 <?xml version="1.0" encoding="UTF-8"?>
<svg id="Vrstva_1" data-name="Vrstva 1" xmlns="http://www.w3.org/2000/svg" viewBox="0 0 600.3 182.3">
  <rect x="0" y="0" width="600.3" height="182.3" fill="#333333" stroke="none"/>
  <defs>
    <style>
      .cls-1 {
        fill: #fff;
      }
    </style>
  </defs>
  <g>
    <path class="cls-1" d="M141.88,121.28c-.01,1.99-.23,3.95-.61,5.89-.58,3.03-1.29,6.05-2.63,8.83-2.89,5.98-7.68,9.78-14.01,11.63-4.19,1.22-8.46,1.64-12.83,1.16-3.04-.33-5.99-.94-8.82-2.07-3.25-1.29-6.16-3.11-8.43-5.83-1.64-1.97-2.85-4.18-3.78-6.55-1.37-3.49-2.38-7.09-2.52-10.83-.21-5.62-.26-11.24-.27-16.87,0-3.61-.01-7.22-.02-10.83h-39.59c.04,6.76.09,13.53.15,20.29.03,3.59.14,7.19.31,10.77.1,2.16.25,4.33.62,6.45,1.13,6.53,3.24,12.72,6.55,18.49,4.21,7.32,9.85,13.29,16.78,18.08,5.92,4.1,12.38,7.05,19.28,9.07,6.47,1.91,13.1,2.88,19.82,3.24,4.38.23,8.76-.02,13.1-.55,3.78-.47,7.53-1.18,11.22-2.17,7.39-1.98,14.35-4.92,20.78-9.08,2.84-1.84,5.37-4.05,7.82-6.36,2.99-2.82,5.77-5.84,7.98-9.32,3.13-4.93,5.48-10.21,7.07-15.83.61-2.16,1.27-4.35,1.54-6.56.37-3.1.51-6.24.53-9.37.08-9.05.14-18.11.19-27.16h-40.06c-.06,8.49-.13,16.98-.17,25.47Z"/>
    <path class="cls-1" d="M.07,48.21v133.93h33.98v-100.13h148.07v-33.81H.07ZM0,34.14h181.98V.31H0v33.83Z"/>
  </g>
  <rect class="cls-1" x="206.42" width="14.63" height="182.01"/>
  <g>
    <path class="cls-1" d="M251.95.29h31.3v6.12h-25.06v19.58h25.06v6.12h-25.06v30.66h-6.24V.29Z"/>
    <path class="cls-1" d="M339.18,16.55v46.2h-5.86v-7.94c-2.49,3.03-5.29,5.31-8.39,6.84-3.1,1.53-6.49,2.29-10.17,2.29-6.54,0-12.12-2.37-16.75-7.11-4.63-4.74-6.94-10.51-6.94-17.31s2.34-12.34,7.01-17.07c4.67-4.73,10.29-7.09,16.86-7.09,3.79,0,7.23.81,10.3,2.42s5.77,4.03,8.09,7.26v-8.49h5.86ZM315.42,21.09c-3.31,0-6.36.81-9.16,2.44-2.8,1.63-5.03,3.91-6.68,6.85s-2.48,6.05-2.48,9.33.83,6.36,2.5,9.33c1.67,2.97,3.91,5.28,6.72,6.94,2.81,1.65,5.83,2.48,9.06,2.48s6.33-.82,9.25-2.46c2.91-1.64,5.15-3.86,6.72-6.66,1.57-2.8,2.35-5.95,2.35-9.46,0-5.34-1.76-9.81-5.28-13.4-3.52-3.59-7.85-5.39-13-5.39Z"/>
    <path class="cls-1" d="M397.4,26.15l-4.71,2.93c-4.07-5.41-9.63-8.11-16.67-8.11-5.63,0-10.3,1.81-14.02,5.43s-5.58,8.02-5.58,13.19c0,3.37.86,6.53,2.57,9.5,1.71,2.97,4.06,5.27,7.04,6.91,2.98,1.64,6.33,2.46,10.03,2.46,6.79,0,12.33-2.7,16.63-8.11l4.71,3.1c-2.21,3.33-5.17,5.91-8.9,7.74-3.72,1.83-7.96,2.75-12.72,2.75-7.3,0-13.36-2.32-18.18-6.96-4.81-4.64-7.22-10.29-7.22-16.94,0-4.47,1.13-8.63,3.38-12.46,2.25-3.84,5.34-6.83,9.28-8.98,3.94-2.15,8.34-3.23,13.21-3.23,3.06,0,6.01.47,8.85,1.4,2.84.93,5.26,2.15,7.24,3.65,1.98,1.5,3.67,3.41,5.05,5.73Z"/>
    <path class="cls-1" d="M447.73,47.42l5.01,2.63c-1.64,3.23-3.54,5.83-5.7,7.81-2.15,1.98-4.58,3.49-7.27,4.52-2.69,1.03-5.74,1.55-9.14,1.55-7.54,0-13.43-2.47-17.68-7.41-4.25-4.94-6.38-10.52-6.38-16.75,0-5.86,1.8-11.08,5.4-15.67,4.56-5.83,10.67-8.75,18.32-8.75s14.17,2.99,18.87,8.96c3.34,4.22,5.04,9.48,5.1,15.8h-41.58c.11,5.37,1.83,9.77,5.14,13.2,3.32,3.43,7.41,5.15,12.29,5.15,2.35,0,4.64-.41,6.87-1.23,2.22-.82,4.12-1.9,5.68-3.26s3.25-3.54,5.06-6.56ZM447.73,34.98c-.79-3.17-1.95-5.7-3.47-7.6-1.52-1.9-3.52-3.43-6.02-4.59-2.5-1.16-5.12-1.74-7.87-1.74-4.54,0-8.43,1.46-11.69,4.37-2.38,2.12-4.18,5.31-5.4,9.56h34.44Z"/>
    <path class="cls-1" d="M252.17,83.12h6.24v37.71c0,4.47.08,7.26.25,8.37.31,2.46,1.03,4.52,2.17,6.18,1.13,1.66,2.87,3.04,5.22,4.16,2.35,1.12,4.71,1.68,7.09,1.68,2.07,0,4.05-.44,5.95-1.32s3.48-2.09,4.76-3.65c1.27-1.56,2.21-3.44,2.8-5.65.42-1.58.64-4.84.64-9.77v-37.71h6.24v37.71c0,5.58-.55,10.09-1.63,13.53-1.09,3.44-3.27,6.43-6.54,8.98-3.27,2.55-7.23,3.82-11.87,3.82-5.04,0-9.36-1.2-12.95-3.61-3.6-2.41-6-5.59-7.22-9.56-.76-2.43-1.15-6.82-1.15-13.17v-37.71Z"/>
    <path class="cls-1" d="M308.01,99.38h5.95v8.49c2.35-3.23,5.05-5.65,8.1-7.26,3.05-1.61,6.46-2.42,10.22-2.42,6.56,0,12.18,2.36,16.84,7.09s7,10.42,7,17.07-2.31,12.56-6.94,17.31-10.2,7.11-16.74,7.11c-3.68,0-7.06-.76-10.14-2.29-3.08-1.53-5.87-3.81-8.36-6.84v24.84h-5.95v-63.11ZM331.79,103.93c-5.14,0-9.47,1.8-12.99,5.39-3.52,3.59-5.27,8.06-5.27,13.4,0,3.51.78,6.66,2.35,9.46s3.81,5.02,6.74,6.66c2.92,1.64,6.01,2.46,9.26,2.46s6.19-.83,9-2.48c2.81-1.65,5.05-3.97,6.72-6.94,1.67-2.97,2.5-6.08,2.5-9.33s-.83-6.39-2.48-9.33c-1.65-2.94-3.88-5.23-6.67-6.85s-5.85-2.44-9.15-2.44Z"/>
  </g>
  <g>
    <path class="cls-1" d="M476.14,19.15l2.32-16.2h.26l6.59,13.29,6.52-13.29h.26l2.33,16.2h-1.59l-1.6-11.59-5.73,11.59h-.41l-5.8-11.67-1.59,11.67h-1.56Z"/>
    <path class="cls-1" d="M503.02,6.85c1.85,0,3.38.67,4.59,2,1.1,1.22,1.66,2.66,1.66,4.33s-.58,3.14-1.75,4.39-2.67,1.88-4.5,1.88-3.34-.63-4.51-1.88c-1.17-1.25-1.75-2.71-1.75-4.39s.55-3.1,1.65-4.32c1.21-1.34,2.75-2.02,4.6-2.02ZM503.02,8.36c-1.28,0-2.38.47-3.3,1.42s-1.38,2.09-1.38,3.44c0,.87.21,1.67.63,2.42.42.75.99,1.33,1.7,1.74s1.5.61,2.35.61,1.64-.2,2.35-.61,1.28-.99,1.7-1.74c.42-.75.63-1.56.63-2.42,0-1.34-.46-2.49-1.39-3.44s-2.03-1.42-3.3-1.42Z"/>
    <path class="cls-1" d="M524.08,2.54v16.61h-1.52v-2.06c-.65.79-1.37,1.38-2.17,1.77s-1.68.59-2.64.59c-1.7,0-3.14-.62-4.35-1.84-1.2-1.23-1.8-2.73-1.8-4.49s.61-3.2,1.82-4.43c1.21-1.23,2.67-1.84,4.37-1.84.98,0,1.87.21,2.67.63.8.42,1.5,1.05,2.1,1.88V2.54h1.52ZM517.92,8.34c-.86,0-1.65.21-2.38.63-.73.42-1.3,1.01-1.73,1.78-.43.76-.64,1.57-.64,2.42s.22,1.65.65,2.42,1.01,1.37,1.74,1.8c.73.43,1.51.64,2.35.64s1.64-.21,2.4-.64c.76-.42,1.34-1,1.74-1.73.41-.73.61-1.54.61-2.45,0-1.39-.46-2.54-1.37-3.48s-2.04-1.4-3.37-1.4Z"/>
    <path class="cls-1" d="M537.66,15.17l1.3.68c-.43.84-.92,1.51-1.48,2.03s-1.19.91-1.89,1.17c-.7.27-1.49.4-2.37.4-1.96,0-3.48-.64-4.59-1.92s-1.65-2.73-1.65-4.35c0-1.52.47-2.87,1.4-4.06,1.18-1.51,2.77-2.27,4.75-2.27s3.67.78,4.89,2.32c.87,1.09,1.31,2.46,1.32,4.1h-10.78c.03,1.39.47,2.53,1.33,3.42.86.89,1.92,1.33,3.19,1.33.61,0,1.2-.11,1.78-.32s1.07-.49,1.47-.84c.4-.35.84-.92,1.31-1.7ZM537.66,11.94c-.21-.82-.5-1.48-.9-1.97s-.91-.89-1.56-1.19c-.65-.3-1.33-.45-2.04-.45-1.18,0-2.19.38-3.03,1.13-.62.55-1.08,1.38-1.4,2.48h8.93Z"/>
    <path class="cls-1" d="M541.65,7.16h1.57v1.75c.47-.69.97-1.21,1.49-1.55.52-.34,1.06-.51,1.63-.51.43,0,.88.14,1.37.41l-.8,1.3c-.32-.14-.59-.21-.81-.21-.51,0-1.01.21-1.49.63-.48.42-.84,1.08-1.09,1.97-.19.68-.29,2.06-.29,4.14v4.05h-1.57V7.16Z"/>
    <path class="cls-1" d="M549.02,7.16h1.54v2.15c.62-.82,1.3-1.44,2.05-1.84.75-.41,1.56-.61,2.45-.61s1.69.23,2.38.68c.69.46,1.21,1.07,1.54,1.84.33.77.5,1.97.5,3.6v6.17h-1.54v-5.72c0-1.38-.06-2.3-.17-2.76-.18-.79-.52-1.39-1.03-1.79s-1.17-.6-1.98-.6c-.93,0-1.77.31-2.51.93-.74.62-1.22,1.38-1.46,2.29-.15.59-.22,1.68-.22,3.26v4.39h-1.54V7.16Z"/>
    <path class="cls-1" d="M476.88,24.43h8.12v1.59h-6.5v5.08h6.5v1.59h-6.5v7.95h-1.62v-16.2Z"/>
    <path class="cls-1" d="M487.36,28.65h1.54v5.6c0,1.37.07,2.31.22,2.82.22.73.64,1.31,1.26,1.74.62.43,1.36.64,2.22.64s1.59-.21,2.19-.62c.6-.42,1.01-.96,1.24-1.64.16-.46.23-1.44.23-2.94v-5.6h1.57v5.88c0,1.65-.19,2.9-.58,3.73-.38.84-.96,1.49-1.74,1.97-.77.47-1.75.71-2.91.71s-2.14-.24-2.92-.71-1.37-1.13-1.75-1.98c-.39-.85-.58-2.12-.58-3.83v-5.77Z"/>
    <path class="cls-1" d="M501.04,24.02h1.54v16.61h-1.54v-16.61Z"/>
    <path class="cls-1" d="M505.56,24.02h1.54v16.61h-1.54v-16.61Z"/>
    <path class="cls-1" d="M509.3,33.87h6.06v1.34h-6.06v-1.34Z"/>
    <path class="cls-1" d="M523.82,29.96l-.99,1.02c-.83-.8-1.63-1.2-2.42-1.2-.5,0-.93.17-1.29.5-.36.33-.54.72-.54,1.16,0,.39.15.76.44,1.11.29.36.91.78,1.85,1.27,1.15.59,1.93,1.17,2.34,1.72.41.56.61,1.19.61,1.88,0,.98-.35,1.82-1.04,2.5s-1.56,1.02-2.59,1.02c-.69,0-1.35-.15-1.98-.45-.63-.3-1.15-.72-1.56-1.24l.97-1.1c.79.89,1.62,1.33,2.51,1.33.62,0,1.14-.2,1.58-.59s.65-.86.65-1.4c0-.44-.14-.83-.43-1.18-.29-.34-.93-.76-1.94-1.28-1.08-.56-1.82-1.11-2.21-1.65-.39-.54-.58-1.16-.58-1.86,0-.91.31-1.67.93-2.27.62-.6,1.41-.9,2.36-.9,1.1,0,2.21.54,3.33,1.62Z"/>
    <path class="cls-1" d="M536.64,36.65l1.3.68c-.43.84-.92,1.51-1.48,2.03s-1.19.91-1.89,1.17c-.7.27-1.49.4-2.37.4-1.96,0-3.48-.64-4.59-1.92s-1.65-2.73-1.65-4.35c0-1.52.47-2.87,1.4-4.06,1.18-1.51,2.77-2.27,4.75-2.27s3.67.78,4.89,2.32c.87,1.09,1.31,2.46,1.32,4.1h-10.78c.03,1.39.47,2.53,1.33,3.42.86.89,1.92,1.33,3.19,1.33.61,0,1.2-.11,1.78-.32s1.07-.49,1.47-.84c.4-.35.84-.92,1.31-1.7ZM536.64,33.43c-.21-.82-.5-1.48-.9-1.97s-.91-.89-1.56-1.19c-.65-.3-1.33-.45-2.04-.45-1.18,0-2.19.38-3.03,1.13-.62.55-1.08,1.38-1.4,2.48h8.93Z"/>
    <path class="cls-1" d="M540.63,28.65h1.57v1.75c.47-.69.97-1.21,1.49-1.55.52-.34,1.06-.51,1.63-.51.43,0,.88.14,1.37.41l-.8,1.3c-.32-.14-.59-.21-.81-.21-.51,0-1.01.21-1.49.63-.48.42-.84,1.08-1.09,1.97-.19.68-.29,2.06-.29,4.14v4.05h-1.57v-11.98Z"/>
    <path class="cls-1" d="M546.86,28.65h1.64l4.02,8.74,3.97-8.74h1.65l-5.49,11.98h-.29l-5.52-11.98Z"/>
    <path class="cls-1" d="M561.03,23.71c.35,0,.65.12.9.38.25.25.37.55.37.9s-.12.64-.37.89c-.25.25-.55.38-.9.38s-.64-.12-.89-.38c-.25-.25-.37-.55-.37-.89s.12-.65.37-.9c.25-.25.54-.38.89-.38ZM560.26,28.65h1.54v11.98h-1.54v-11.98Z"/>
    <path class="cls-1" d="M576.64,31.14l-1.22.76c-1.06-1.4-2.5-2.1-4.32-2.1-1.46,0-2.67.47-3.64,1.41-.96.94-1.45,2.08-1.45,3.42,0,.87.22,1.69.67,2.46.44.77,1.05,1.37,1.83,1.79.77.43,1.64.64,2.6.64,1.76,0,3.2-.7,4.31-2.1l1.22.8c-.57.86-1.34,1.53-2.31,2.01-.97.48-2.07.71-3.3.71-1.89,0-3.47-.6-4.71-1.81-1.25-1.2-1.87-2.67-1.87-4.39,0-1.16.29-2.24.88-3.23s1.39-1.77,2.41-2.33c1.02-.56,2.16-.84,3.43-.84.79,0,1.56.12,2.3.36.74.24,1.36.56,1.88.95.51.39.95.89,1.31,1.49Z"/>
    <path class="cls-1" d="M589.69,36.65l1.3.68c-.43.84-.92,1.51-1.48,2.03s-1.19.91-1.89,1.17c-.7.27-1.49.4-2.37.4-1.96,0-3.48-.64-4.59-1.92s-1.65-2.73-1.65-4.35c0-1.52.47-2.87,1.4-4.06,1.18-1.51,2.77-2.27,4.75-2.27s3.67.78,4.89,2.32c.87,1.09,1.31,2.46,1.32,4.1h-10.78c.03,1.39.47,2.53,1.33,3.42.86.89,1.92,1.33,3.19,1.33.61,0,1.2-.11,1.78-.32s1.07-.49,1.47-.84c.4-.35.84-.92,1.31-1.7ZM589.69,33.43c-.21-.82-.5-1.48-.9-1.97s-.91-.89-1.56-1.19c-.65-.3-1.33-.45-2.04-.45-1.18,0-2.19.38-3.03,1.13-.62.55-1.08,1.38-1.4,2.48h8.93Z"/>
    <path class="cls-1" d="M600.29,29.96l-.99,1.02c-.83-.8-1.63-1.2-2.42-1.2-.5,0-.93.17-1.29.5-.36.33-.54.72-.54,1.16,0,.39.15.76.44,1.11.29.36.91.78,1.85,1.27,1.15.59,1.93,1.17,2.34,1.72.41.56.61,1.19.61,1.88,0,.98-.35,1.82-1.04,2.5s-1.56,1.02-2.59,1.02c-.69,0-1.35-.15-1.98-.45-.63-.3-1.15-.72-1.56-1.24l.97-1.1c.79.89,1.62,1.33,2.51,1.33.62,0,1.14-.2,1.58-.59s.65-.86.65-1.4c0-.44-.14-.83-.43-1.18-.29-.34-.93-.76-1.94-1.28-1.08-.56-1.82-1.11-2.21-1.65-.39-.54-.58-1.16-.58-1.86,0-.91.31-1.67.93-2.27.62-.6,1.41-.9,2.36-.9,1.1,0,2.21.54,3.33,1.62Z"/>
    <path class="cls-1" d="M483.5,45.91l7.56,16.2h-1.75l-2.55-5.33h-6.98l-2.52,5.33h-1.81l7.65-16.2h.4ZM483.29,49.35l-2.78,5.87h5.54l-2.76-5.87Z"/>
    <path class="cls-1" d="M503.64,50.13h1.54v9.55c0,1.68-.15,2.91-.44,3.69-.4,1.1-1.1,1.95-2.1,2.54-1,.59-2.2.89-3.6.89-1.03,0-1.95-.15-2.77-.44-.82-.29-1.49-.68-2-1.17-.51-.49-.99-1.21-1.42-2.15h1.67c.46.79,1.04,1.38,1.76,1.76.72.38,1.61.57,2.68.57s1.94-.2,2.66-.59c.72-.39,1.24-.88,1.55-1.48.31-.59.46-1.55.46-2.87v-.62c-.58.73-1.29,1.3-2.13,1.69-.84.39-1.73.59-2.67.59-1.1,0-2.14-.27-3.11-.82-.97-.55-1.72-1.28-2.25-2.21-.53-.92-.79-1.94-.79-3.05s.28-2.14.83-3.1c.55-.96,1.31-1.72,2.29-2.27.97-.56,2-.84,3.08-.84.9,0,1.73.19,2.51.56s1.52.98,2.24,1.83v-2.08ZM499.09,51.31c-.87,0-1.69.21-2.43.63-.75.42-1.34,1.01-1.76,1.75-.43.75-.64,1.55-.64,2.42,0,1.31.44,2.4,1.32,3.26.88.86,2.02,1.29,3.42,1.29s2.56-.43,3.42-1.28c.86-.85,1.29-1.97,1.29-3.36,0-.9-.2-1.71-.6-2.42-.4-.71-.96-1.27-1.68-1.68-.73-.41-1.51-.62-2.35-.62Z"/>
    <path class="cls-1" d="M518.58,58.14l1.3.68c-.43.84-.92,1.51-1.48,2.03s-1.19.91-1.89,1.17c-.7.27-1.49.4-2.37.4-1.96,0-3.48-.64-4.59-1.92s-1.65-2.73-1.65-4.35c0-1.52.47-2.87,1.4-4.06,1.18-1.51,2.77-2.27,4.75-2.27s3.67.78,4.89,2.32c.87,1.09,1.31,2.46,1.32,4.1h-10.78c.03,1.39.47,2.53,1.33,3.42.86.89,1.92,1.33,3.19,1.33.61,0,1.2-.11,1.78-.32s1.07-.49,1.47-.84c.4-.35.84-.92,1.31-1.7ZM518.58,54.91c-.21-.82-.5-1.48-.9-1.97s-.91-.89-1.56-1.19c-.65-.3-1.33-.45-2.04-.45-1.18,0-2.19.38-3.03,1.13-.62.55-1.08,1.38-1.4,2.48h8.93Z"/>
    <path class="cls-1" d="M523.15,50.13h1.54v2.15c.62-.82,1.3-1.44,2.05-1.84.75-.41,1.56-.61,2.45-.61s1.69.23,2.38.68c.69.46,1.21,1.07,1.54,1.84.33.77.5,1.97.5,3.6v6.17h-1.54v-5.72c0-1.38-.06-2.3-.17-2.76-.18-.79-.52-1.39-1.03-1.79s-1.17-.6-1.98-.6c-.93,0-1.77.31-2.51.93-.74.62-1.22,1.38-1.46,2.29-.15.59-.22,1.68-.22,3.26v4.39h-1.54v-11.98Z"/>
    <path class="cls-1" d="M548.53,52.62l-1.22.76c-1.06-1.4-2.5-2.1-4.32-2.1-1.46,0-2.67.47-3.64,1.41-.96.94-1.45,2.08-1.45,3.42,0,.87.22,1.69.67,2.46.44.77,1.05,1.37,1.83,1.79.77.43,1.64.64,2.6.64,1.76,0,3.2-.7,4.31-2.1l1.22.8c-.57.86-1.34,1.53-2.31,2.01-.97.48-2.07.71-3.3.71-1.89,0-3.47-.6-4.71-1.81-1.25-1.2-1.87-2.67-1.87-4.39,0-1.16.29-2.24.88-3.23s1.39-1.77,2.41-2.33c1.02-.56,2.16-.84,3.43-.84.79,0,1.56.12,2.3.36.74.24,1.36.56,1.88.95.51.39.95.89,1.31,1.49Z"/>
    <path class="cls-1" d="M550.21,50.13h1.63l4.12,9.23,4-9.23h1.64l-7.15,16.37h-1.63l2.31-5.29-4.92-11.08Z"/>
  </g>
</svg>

==*==

- WORK TO COMPLETE -
All lines with the word "height" should be copied from the material above.

- RESPONSE BELOW -
  <rect x="0" y="0" width="600.3" height="182.3" fill="#333333" stroke="none"/>
  <rect class="cls-1" x="206.42" width="14.63" height="182.01"/>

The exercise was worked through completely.